Given an array of positive integers, you need to return the number of subarrays where the first and last elements of the subarray are the largest element in that subarray.

For example, if nums = [1,4,3,3,2], the solution should count how many subarrays have the first and last elements as the largest value, which in this case is 6.

Examples

Example 1

Input: nums = [1,4,3,3,2]

Output: 6

There are 6 subarrays which have the first and the last elements equal to the largest element of the subarray: Hence, we return 6.

Example 2

Input: nums = [3,3,3]

Output: 6

There are 6 subarrays which have the first and the last elements equal to the largest element of the subarray: Hence, we return 6.

Example 3

Input: nums = [1]

Output: 1

There is a single subarray of nums which is [ 1 ] , with its largest element 1. The first element is 1 and the last element is also 1. Hence, we return 1.

Constraints

  • 1 <= nums.length <= 105
  • 1 <= nums[i] <= 109

Solution Approach

Binary Search over the Answer Space

To optimize the solution, binary search can be used to find the number of valid subarrays in a specified range. This method narrows down the solution space and helps to efficiently count subarrays where the boundary elements are the largest.

Stack-based Counting

A monotonic stack is used to track valid subarrays.

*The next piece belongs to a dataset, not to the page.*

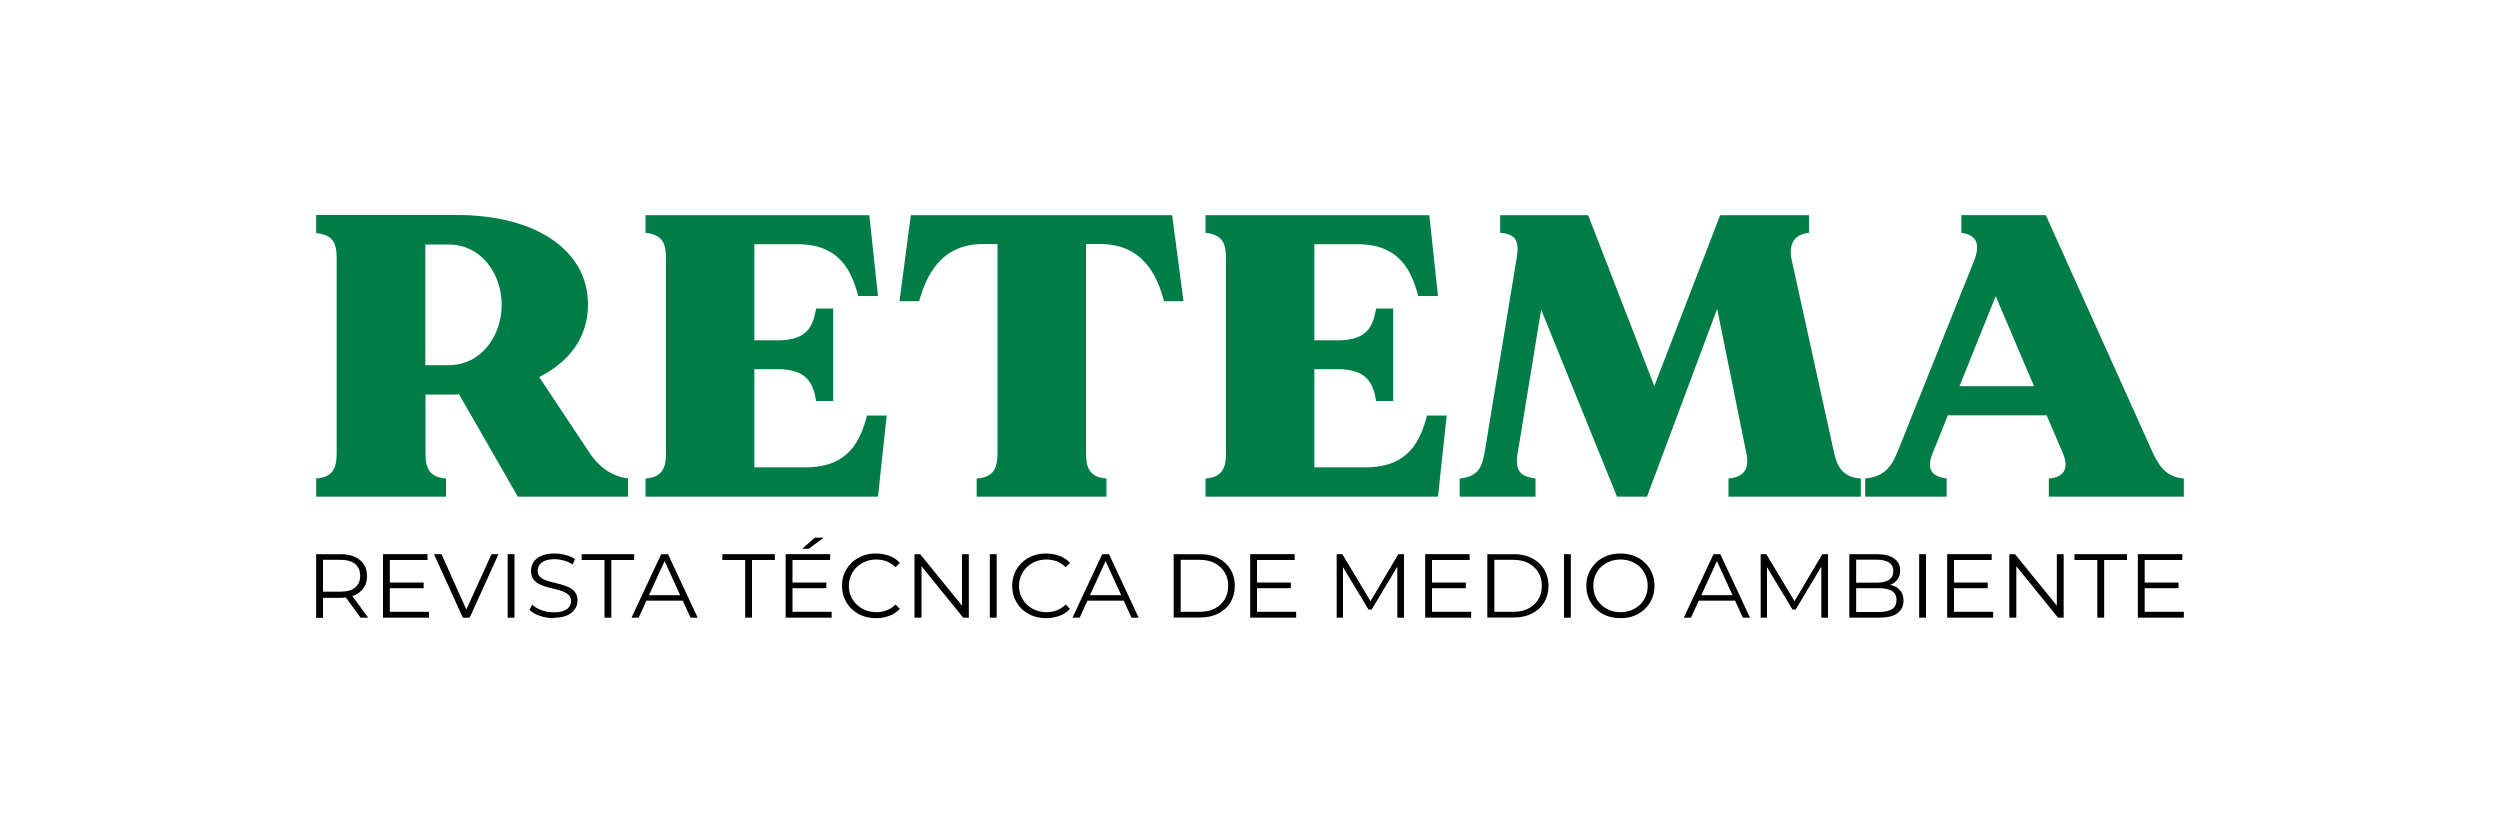 <svg xmlns="http://www.w3.org/2000/svg" id="Layer_1" data-name="Layer 1" viewBox="0 0 150 50"><defs><style>      .cls-1, .cls-2 {        stroke-width: 0px;      }      .cls-2 {        fill: #007d47;      }    </style></defs><g><path class="cls-1" d="M18.97,37.06v-3.81h1.46c.33,0,.61.05.85.16.24.1.42.25.55.45.13.19.19.43.19.71s-.06.5-.19.69c-.13.19-.31.34-.55.45-.24.1-.52.16-.85.16h-1.23l.18-.19v1.39h-.41ZM19.38,35.69l-.18-.19h1.22c.39,0,.69-.08.89-.25.2-.17.3-.4.3-.7s-.1-.54-.3-.71c-.2-.17-.5-.25-.89-.25h-1.22l.18-.19v2.29ZM21.63,37.06l-1-1.38h.45l1.01,1.38h-.45Z"></path><path class="cls-1" d="M23.4,36.71h2.34v.35h-2.76v-3.81h2.67v.35h-2.26v3.11ZM23.36,34.95h2.06v.34h-2.06v-.34Z"></path><path class="cls-1" d="M27.77,37.06l-1.73-3.81h.45l1.61,3.59h-.24l1.63-3.59h.42l-1.73,3.81h-.41Z"></path><path class="cls-1" d="M30.46,37.06v-3.81h.41v3.81h-.41Z"></path><path class="cls-1" d="M33.22,37.09c-.29,0-.57-.05-.83-.14-.27-.09-.47-.21-.62-.36l.16-.31c.14.13.32.24.55.33s.48.13.73.13.44-.03.6-.09c.15-.06.27-.14.34-.24.07-.1.11-.21.11-.34,0-.15-.04-.27-.13-.36-.09-.09-.2-.16-.34-.22-.14-.05-.3-.1-.47-.14-.17-.04-.34-.08-.51-.13-.17-.05-.33-.11-.47-.18s-.26-.18-.35-.3c-.09-.13-.13-.29-.13-.49,0-.19.05-.36.15-.52.1-.16.26-.29.47-.38.21-.1.48-.14.81-.14.22,0,.44.03.65.09.21.06.4.14.56.25l-.14.32c-.17-.11-.34-.19-.53-.24s-.37-.08-.54-.08c-.23,0-.43.03-.58.09-.15.06-.26.14-.34.25-.07.1-.11.22-.11.35,0,.15.04.27.13.36.09.09.2.16.34.21.14.05.3.1.47.14.17.04.34.08.51.13.17.05.33.11.47.18.14.07.26.17.34.3.09.12.13.29.13.48,0,.19-.05.36-.16.51-.1.16-.26.29-.48.38s-.49.14-.82.14Z"></path><path class="cls-1" d="M36.27,37.06v-3.46h-1.37v-.35h3.15v.35h-1.37v3.46h-.41Z"></path><path class="cls-1" d="M37.89,37.06l1.78-3.81h.41l1.78,3.81h-.43l-1.64-3.58h.17l-1.64,3.58h-.43ZM38.59,36.04l.12-.33h2.27l.12.33h-2.51Z"></path><path class="cls-1" d="M44.71,37.06v-3.46h-1.37v-.35h3.15v.35h-1.37v3.46h-.41Z"></path><path class="cls-1" d="M47.56,36.71h2.34v.35h-2.76v-3.81h2.67v.35h-2.26v3.11ZM47.52,34.95h2.06v.34h-2.06v-.34ZM48.13,32.93l.76-.67h.53l-.9.67h-.39Z"></path><path class="cls-1" d="M52.56,37.09c-.29,0-.56-.05-.81-.14-.25-.1-.46-.23-.65-.41-.18-.17-.32-.38-.43-.62-.1-.24-.15-.49-.15-.77s.05-.54.15-.77c.1-.24.25-.44.43-.62.18-.17.4-.31.65-.41.25-.1.52-.14.81-.14s.55.05.8.14c.25.09.46.23.63.42l-.26.26c-.16-.16-.34-.27-.53-.35-.19-.07-.4-.11-.62-.11-.23,0-.45.04-.65.12-.2.08-.37.19-.52.33-.15.14-.26.31-.35.5-.08.19-.13.4-.13.63s.04.44.13.63c.08.19.2.36.35.5.15.14.32.25.52.33s.42.12.65.12.43-.04.62-.11.37-.19.53-.35l.26.26c-.17.18-.38.33-.63.42s-.52.14-.8.14Z"></path><path class="cls-1" d="M54.87,37.06v-3.81h.34l2.69,3.31h-.18v-3.31h.41v3.81h-.34l-2.68-3.31h.18v3.31h-.41Z"></path><path class="cls-1" d="M59.39,37.06v-3.81h.41v3.81h-.41Z"></path><path class="cls-1" d="M62.77,37.09c-.29,0-.56-.05-.81-.14-.25-.1-.46-.23-.65-.41-.18-.17-.32-.38-.43-.62-.1-.24-.15-.49-.15-.77s.05-.54.15-.77c.1-.24.25-.44.43-.62.18-.17.4-.31.65-.41.25-.1.52-.14.81-.14s.55.05.8.14c.25.09.46.23.63.42l-.26.26c-.16-.16-.34-.27-.53-.35-.19-.07-.4-.11-.62-.11-.23,0-.45.04-.65.12-.2.08-.37.19-.52.33-.15.14-.26.31-.35.5-.08.19-.13.4-.13.63s.04.44.13.63c.08.19.2.36.35.5.15.14.32.25.52.33s.42.12.65.12.43-.04.62-.11.37-.19.53-.35l.26.26c-.17.18-.38.33-.63.42s-.52.14-.8.14Z"></path><path class="cls-1" d="M64.35,37.06l1.78-3.81h.41l1.78,3.81h-.43l-1.64-3.58h.17l-1.64,3.58h-.43ZM65.05,36.04l.12-.33h2.27l.12.33h-2.51Z"></path><path class="cls-1" d="M70.42,37.06v-3.81h1.59c.42,0,.78.08,1.09.24.31.16.56.39.73.67.17.29.26.62.26.99s-.09.7-.26.99c-.17.29-.42.51-.73.67-.31.16-.68.24-1.09.24h-1.59ZM70.84,36.71h1.15c.35,0,.65-.07.9-.2.25-.13.45-.32.59-.55.14-.23.21-.5.21-.81s-.07-.58-.21-.81c-.14-.23-.34-.41-.59-.55-.25-.13-.55-.2-.9-.2h-1.15v3.11Z"></path><path class="cls-1" d="M75.43,36.71h2.34v.35h-2.76v-3.81h2.67v.35h-2.26v3.11ZM75.39,34.95h2.06v.34h-2.06v-.34Z"></path><path class="cls-1" d="M80.2,37.06v-3.81h.34l1.78,2.97h-.18l1.76-2.97h.34v3.81h-.4v-3.21h.09l-1.63,2.72h-.19l-1.64-2.72h.11v3.21h-.4Z"></path><path class="cls-1" d="M85.93,36.71h2.34v.35h-2.76v-3.81h2.67v.35h-2.26v3.11ZM85.89,34.95h2.06v.34h-2.06v-.34Z"></path><path class="cls-1" d="M89.24,37.06v-3.81h1.59c.42,0,.78.08,1.09.24.31.16.56.39.73.67.17.29.26.62.26.99s-.09.7-.26.99c-.17.29-.42.51-.73.67-.31.16-.68.24-1.09.24h-1.59ZM89.66,36.71h1.15c.35,0,.65-.07.9-.2.25-.13.45-.32.59-.55.14-.23.21-.5.21-.81s-.07-.58-.21-.81c-.14-.23-.34-.41-.59-.55-.25-.13-.55-.2-.9-.2h-1.15v3.11Z"></path><path class="cls-1" d="M93.84,37.06v-3.81h.41v3.81h-.41Z"></path><path class="cls-1" d="M97.23,37.09c-.29,0-.56-.05-.82-.14-.25-.1-.47-.23-.65-.41-.18-.18-.33-.38-.43-.62s-.15-.49-.15-.77.05-.54.15-.77c.1-.23.25-.44.43-.62.18-.18.4-.31.65-.41.25-.1.52-.14.82-.14s.56.05.81.14c.25.1.47.23.65.41.18.17.33.38.43.62.1.24.15.49.15.77s-.05.54-.15.77c-.1.24-.24.44-.43.62-.18.17-.4.31-.65.41-.25.1-.52.14-.81.14ZM97.23,36.73c.23,0,.45-.04.65-.12s.37-.19.52-.33c.15-.14.26-.31.34-.5.08-.19.12-.4.12-.63s-.04-.44-.12-.63c-.08-.19-.2-.36-.34-.5-.15-.14-.32-.25-.52-.33-.2-.08-.41-.12-.65-.12s-.45.04-.65.12c-.2.08-.37.19-.52.33-.15.14-.26.31-.34.5-.08.19-.12.4-.12.63s.04.43.12.63c.08.19.2.36.34.5.15.14.32.25.52.33s.42.12.65.12Z"></path><path class="cls-1" d="M101.03,37.06l1.78-3.81h.41l1.78,3.81h-.43l-1.64-3.58h.17l-1.64,3.58h-.43ZM101.73,36.04l.12-.33h2.27l.12.33h-2.51Z"></path><path class="cls-1" d="M105.64,37.06v-3.81h.34l1.78,2.97h-.18l1.76-2.97h.34v3.81h-.4v-3.21h.09l-1.63,2.72h-.19l-1.64-2.72h.11v3.21h-.4Z"></path><path class="cls-1" d="M110.96,37.06v-3.81h1.68c.43,0,.77.09,1.01.26s.36.41.36.72c0,.21-.05.38-.15.52-.1.14-.23.25-.4.32-.17.07-.35.11-.55.11l.09-.13c.25,0,.46.04.64.11s.32.19.42.33.15.33.15.55c0,.32-.12.57-.36.75-.24.18-.61.27-1.1.27h-1.79ZM111.37,36.72h1.37c.34,0,.6-.06.78-.17.18-.11.27-.3.27-.55s-.09-.43-.27-.54-.44-.17-.78-.17h-1.42v-.33h1.29c.31,0,.55-.06.73-.17.17-.12.26-.29.26-.52s-.09-.41-.26-.52c-.17-.11-.41-.17-.73-.17h-1.24v3.15Z"></path><path class="cls-1" d="M115.15,37.06v-3.81h.41v3.81h-.41Z"></path><path class="cls-1" d="M117.25,36.71h2.34v.35h-2.76v-3.81h2.67v.35h-2.26v3.11ZM117.2,34.95h2.06v.34h-2.06v-.34Z"></path><path class="cls-1" d="M120.56,37.06v-3.81h.34l2.69,3.31h-.18v-3.31h.41v3.81h-.34l-2.68-3.31h.18v3.31h-.41Z"></path><path class="cls-1" d="M125.84,37.06v-3.46h-1.37v-.35h3.15v.35h-1.37v3.46h-.41Z"></path><path class="cls-1" d="M128.69,36.71h2.34v.35h-2.76v-3.81h2.67v.35h-2.26v3.11ZM128.65,34.95h2.06v.34h-2.06v-.34Z"></path></g><g><path class="cls-2" d="M37.68,28.71v1.09h-6.61l-3.53-6.15c-.05,0-.08.02-.13.02h-1.88v3.52c0,.94.26,1.45,1.23,1.52v1.09h-7.79v-1.09c.97-.07,1.23-.58,1.23-1.52v-11.7c0-.94-.26-1.42-1.23-1.5v-1.09h8.44c4.68,0,7.87,2.07,7.87,5.38,0,1.93-1.1,3.43-2.93,4.34l3.03,4.56c.52.8,1.33,1.42,2.3,1.52ZM26.91,21.91c1.99,0,3.19-1.79,3.19-3.62s-1.2-3.62-3.19-3.62h-1.39v7.24h1.39Z"></path><path class="cls-2" d="M53.2,24.93l-.52,4.87h-13.95v-1.09c.97-.07,1.23-.58,1.23-1.52v-11.7c0-.94-.26-1.42-1.23-1.52v-1.06h13.43l.52,4.85h-1.18c-.42-1.5-1.1-3.11-3.68-3.11h-2.56v5.77h1.41c1.8,0,2.12-.89,2.3-1.91h1.02v5.55h-1.02c-.18-1.01-.5-1.91-2.3-1.91h-1.41v5.89h3.08c2.59,0,3.29-1.62,3.68-3.11h1.18Z"></path><path class="cls-2" d="M71.02,18.07h-1.18c-.39-1.5-1.25-3.43-3.84-3.43h-.84v12.55c0,.94.26,1.45,1.23,1.52v1.09h-7.79v-1.09c.99-.07,1.25-.58,1.25-1.52v-12.55h-.86c-2.56,0-3.42,1.93-3.84,3.43h-1.18l.68-5.16h15.68l.68,5.16Z"></path><path class="cls-2" d="M86.8,24.93l-.52,4.87h-13.95v-1.09c.97-.07,1.23-.58,1.23-1.52v-11.7c0-.94-.26-1.42-1.23-1.52v-1.06h13.43l.52,4.85h-1.18c-.42-1.5-1.1-3.11-3.68-3.11h-2.56v5.77h1.41c1.8,0,2.12-.89,2.3-1.91h1.02v5.55h-1.02c-.18-1.01-.5-1.91-2.3-1.91h-1.41v5.89h3.08c2.59,0,3.29-1.62,3.68-3.11h1.18Z"></path><path class="cls-2" d="M111.65,28.71v1.09h-7.94v-1.09c.91-.07,1.28-.58,1.07-1.52l-1.75-8.66-4.21,11.27h-1.8l-4.55-11.22-1.41,8.61c-.18,1.06.16,1.4,1.07,1.52v1.09h-4.55v-1.09c.97-.1,1.31-.51,1.49-1.52l1.93-11.7c.16-.97,0-1.45-.99-1.52v-1.06h5.28l3.97,10.25,3.95-10.25h5.33v1.06c-.84.07-1.23.63-1.05,1.57l2.56,11.65c.21.92.6,1.45,1.59,1.52Z"></path><path class="cls-2" d="M131.03,28.71v1.09h-8.1v-1.09c.91-.07,1.23-.6.84-1.52l-.97-2.27h-5.93l-.91,2.27c-.39.94-.08,1.4.84,1.52v1.09h-4.89v-1.09c.97-.1,1.49-.51,1.91-1.52l4.62-11.53c.39-.99.18-1.57-.76-1.69v-1.06h5.07l6.43,14.28c.42.89.89,1.45,1.85,1.52ZM122.04,23.17l-2.3-5.4-2.17,5.4h4.47Z"></path></g></svg>

For each element, we calculate how many subarrays end with it, ensuring that the first and last elements are equal to the largest element in the subarray.

Dynamic Sliding Window

A sliding window approach can also be used, dynamically adjusting the boundaries of subarrays while counting only the ones that satisfy the condition where both boundary elements are the largest.

Complexity Analysis

Metric Value
Time Depends on the final approach
Space Depends on the final approach

The time and space complexities of this problem depend on the final approach. A binary search solution typically offers better performance than brute force methods, especially when combined with a stack or sliding window to track subarrays.

What Interviewers Usually Probe

  • Ability to optimize brute force solutions using binary search and stacks.
  • Understanding of monotonic stacks for tracking subarray boundaries.
  • Skill in reducing time complexity by focusing on valid subarray counts.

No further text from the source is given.